*** Begin section ***

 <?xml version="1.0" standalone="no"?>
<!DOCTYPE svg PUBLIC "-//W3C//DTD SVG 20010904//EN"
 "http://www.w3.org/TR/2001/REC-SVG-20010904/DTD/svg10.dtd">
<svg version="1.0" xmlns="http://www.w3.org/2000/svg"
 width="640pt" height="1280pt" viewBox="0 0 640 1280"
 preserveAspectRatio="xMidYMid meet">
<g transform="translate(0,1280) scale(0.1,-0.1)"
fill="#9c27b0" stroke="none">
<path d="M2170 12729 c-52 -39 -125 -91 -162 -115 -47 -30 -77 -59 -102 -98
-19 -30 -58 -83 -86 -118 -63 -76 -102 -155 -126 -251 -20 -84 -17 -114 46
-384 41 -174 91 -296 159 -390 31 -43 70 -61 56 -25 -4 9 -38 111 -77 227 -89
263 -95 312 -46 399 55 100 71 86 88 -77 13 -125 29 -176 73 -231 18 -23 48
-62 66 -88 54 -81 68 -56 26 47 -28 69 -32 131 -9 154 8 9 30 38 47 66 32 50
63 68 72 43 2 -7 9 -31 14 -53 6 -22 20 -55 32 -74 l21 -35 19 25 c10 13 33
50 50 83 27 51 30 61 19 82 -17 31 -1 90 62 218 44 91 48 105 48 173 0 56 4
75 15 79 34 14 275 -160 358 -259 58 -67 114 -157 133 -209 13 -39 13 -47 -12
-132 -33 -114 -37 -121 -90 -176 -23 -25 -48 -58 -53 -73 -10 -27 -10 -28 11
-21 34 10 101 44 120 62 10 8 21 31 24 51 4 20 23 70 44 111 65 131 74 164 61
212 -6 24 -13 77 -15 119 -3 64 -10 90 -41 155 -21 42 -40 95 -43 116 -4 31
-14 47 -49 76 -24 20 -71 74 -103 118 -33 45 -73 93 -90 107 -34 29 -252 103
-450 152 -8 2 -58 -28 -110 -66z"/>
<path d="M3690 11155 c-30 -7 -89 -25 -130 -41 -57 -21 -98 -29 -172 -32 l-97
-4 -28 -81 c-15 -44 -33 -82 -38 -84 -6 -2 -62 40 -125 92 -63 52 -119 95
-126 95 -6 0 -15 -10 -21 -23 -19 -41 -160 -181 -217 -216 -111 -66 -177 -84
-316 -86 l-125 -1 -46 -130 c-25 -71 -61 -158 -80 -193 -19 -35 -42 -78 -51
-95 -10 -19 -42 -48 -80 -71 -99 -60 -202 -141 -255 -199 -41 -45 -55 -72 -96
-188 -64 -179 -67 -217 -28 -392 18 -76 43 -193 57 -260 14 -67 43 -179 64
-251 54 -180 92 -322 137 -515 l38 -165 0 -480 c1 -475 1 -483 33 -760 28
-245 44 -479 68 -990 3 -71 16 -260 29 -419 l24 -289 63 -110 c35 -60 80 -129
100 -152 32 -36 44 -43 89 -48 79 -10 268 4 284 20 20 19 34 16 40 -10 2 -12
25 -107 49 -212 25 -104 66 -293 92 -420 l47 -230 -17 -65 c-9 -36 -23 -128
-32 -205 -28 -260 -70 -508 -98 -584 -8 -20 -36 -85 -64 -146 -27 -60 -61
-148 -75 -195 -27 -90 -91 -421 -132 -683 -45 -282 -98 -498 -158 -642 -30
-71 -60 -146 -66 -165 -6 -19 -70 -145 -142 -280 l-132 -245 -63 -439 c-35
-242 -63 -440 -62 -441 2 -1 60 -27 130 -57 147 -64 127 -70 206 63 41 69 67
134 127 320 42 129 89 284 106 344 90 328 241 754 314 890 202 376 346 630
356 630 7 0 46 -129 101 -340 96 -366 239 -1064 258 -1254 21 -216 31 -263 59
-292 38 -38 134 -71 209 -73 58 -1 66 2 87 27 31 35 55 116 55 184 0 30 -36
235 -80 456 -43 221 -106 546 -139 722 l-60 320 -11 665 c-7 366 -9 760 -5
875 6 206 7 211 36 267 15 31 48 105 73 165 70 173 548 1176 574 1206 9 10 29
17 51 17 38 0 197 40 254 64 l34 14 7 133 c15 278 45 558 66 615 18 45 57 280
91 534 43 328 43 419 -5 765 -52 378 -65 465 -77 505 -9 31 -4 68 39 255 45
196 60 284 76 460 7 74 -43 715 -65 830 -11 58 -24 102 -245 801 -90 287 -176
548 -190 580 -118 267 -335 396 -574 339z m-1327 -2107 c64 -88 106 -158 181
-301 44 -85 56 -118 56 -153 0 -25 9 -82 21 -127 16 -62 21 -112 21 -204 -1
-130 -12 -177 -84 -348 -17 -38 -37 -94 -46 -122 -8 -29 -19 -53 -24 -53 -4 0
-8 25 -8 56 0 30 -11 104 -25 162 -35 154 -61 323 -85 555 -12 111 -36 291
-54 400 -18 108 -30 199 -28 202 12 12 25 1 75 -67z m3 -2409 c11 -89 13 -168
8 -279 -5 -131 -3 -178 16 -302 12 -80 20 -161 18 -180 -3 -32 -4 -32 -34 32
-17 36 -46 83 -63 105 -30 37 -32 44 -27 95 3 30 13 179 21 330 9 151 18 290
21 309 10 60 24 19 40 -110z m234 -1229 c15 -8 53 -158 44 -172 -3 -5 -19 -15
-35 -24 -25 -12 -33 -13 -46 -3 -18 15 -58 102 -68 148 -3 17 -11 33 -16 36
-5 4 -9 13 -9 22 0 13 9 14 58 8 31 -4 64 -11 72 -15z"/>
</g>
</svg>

*** End section ***

=== The task ===
Scan the entries above for the word "path". Report the lines that hold it.

=== Result below ===
<path d="M2170 12729 c-52 -39 -125 -91 -162 -115 -47 -30 -77 -59 -102 -98
<path d="M3690 11155 c-30 -7 -89 -25 -130 -41 -57 -21 -98 -29 -172 -32 l-97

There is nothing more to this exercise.